Re: Performance problem with 50,000,000 rows

From
Mark kirkwood
Date:
Previously :
>
>Table sizes .....
>
>bk_inv  : 46,790,877
>bk_title:  2,311,710
>
>Query :
>
>select   i.isbn,
>         t.vendor,
>         i.store,
>         i.qty
>from     bk_inv i,
>         bk_title t
>where    i.isbn = t.isbn
>and      t.vendor = '01672708' ;
>

It might be worth putting and index on bk_title.vendor, then the scan of this
table will quickly find the appropriate rows( assuming vendor is
selective)... then the join to bk_inv can use the bk_inv.isbn index as
before, but hopefully with a smaller dataset....(so hopefully it might be
able to use a nested loop from bk_title -> bk_inv instead of a huge merge
join)

It also might be worth playing with sort_mem and shared_buffers (if you have
not done so already) - since you have a reasonable amount of memory.

good luck

Mark



Re: Performance problem with 50,000,000 rows

From
David Link
Date:
Solution to the problem:

  I had run vaccum on the two tables in question (which happen to be the
only two tables user defined in the database)
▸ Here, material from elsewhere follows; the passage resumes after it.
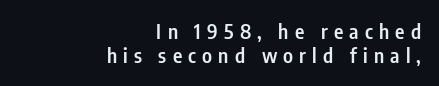
All the whitespace from short lines collects on the left. In terms of letterspacing, this is a distinctly airy, spread setting. Each glyph is drawn with semibold strokes, heavier than normal yet not fully bold. The glyphs are unaccompanied by any horizontal stroke below them. Ascenders rise straight up at ninety degrees.
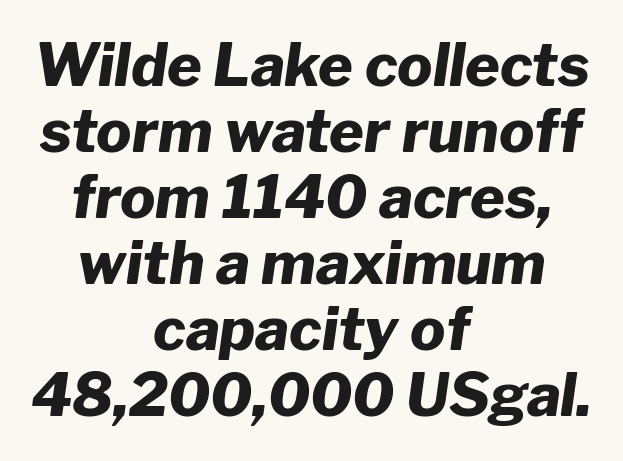
The image shows 59 px heavy type, italic (leaning right); set centered, tight line spacing (1.12x), normal letter spacing, not underlined; low stroke contrast and a medium x-height.

  # vacuum analyze bk_inv;
  # vacuum analyze bk_title;

When I ran vacuum for all tables (including the system tables I suppose)

  # vacuum analyze;

I got the response time I exected. (Why this is perhaps someone can
explain).
Thanks for the feedbacks.
Regards, David

David Link wrote:
>
> I'm new to PG but this just seems wrong.  Can someone take a look:
>
>   .-----------.     .-----------.
>   | bk_inv    |     | bk_title  |
>   |-----------|     |-----------|
>   | isbn      |<--->| isbn      |
>   | store     |     | vendor    |
>   | qty       |     |           |
>   | week      |     `-----------'
>   |           |      2,000,000 recs
>   `-----------'
>    50,000,000 recs
>
>   Actual record numbers:
>     bk_inv  : 46,790,877
>     bk_title:  2,311,710
>
> VENDOR REPORT
>
>   A list of Inventory items, for any one given vendor (e.q. 01672708)
>
> select   i.isbn,
>          t.vendor,
>          i.store,
>          i.qty
> from     bk_inv i,
>          bk_title t
> where    i.isbn = t.isbn
> and      t.vendor = '01672708' ;
>
> This query should be instantaneous.  Granted that's 50 million rows, but
> I have created an index on the isbn column for both tables.
> After about 25 minutes (on 4 processor Del 6300 with 1GB Memory) it
> spits out:
>
> ERROR:  Write to hashjoin temp file failed
>
> tiger=# explain select * from bk_inv i, bk_title t where i.isbn = t.isbn
> and t.vendor  ='50000029';
> NOTICE:  QUERY PLAN:
>
> Merge Join  (cost=0.00..11229637.06 rows=2172466 width=72)
>   ->  Index Scan using bk_title_isbn_idx on bk_title t
> (cost=0.00..390788.08 rows=107331 width=24)
>   ->  Index Scan using bk_inv_isbn_idx on bk_inv i
> (cost=0.00..10252621.38 rows=46790877 width=48)
>
> BIG COST!
>
> These explain queries show the existance of the indexes and give small
> costs:
>
> tiger=# explain select * from bk_title where isbn = '50000029';
> NOTICE:  QUERY PLAN:
>
> Index Scan using bk_title_isbn_idx on bk_title  (cost=0.00..4.90 rows=1
> width=24)
>
> tiger=# explain select * from bk_inv where isbn = '0897474228';
> NOTICE:  QUERY PLAN:
>
> Index Scan using bk_inv_isbn_idx on bk_inv  (cost=0.00..225.53 rows=55
> width=48)
>
> Note.  Same tables, same query returns instantaneously with Oracle 8.1.
> What I am hoping to show is that Postgres can do our job too.
>
> Any help on this much obliged.  (Yes I ran vacuum analyze).
>
> David Link
> White Plains, NY

Re: Performance problem with 50,000,000 rows

From
tony
Date:
On Thu, 2001-10-11 at 00:03, Feite Brekeveld wrote:

> Just, reading it and I always enter these kind of queries like:
>
> select   i.isbn,
>          t.vendor,
>          i.store,
>          i.qty
> from     bk_inv i,
>          bk_title t
> where
>        t.vendor = '01672708' and
>        i.isbn = t.isbn;
>
> Don't know if it makes a difference but I can imagine that it could because
> the t.vendor = '...' limits the possibilities in the first stage.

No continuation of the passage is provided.